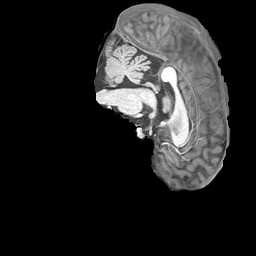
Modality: T1w
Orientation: sagittal
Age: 21
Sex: female
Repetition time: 2.3 s
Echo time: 0.0226 s
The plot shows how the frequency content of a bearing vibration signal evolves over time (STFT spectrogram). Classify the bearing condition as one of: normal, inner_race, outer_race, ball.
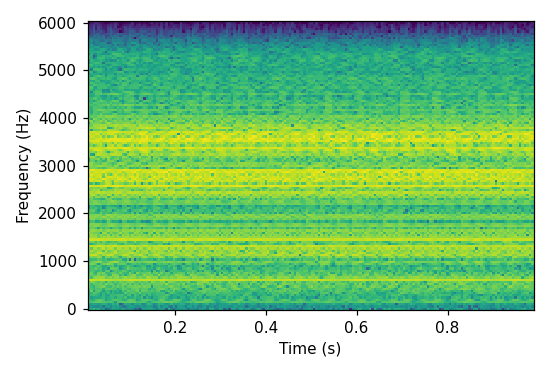
Answer: inner_race
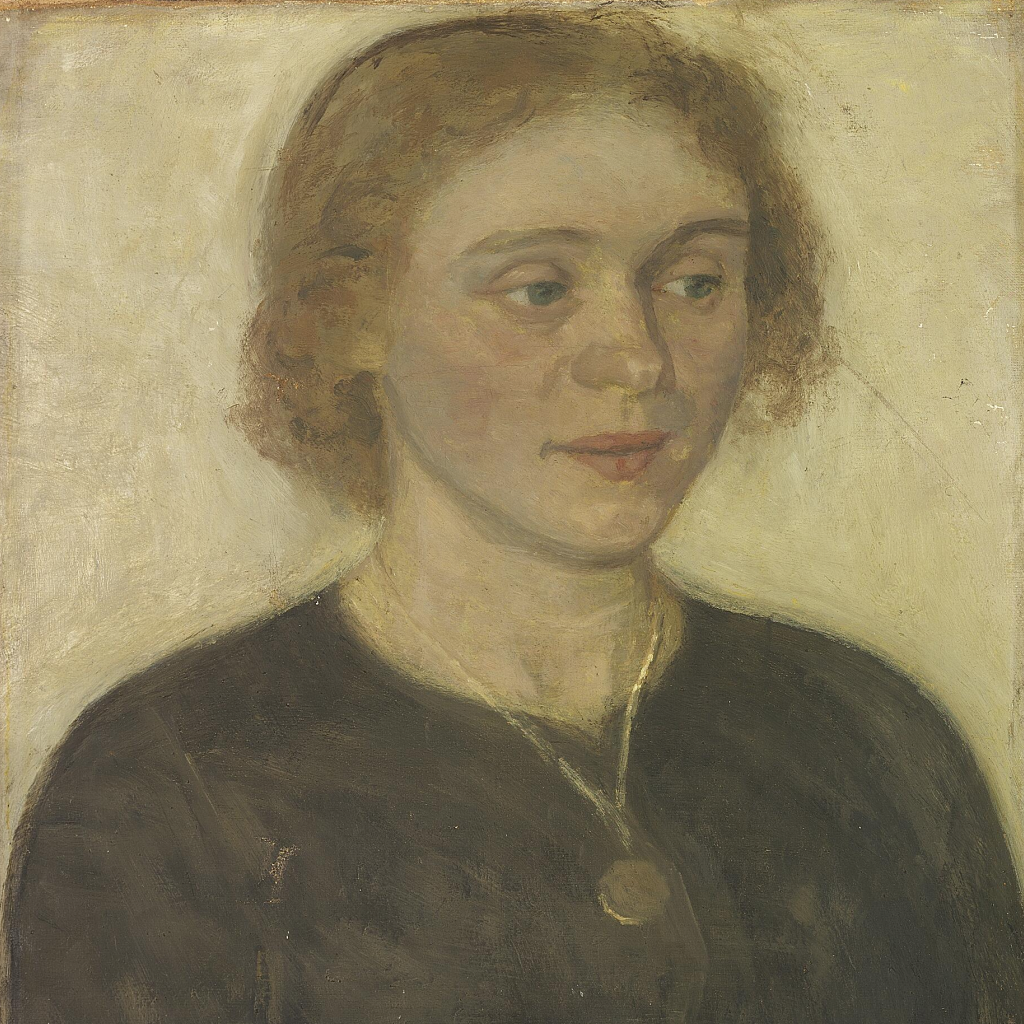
portrait painting, medium, bright diffused light, woman with curly brown hair in dark dress with small brooch in three-quarter view, pale neutral background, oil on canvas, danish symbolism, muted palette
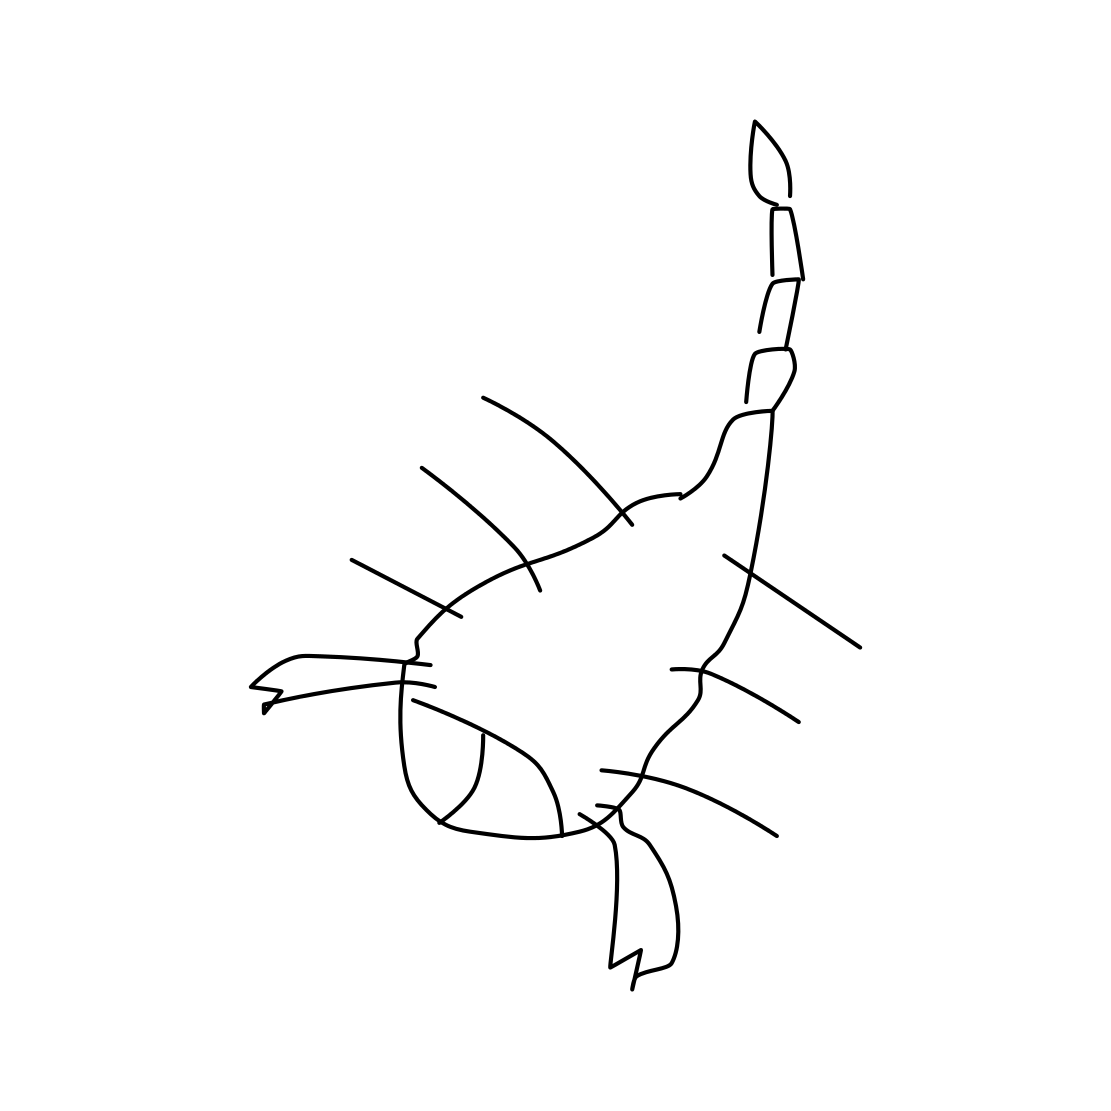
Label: scorpion
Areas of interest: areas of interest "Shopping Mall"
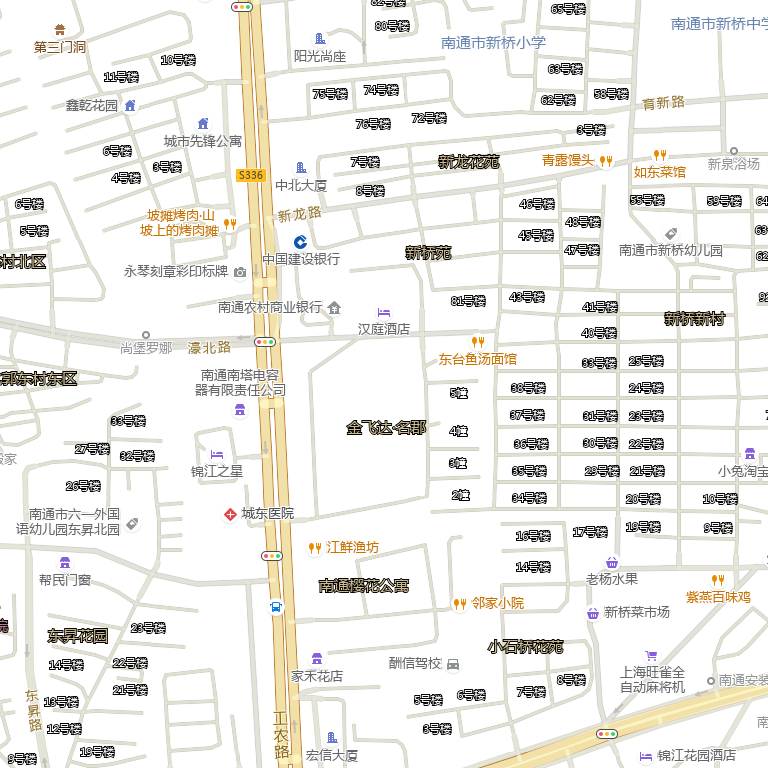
---
EXERCISE:
Each line above is to be copied verbatim. Drop any image from the copy.

ANSWER:
Modality: T1w
Orientation: sagittal
Age: 21
Sex: female
Repetition time: 2.3 s
Echo time: 0.0226 s
The plot shows how the frequency content of a bearing vibration signal evolves over time (STFT spectrogram). Classify the bearing condition as one of: normal, inner_race, outer_race, ball.
Answer: inner_race
portrait painting, medium, bright diffused light, woman with curly brown hair in dark dress with small brooch in three-quarter view, pale neutral background, oil on canvas, danish symbolism, muted palette
Label: scorpion
Areas of interest: areas of interest "Shopping Mall"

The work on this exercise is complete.